[Items listed in a dataset]

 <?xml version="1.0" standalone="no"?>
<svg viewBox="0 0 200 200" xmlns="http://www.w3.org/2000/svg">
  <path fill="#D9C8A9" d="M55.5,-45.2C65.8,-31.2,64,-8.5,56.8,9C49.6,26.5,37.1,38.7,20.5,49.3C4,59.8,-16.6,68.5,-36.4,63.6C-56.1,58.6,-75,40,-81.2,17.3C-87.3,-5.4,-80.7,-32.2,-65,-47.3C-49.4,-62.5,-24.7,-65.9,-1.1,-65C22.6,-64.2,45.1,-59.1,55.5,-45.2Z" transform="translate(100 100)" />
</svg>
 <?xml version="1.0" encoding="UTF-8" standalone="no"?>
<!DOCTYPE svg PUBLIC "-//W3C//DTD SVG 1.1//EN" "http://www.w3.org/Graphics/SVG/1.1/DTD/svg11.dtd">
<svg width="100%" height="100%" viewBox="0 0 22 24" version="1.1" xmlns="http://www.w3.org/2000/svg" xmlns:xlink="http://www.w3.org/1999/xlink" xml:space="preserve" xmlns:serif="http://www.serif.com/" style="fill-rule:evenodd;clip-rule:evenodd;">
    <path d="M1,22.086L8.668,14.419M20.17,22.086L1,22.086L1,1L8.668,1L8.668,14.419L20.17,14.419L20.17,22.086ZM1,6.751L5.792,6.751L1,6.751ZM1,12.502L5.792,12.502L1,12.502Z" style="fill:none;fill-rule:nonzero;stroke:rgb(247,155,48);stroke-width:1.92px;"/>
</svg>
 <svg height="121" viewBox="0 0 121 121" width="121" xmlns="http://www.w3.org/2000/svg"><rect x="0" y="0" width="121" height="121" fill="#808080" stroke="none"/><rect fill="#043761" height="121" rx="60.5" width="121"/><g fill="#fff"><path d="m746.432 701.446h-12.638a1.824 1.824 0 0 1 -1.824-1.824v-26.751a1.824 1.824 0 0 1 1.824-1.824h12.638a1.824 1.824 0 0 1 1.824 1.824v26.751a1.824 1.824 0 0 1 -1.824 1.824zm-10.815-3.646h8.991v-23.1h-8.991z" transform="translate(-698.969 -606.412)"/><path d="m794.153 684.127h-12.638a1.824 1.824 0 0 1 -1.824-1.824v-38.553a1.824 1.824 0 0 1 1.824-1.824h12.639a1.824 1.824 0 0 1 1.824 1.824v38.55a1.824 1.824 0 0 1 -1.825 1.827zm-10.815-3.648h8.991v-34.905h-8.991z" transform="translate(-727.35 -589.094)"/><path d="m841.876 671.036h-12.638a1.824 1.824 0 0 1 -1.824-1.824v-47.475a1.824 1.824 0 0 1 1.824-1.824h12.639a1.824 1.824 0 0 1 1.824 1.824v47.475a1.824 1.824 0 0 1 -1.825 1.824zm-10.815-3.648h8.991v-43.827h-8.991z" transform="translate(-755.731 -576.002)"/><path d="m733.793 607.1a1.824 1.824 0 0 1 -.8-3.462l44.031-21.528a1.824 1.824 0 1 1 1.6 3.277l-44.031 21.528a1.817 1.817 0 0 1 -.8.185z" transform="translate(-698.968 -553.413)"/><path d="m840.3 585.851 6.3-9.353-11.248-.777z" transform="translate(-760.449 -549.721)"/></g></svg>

_About this exercise_
Please copy every line from the entries that includes the word "standalone".

_Answer space_
 <?xml version="1.0" standalone="no"?>
 <?xml version="1.0" encoding="UTF-8" standalone="no"?>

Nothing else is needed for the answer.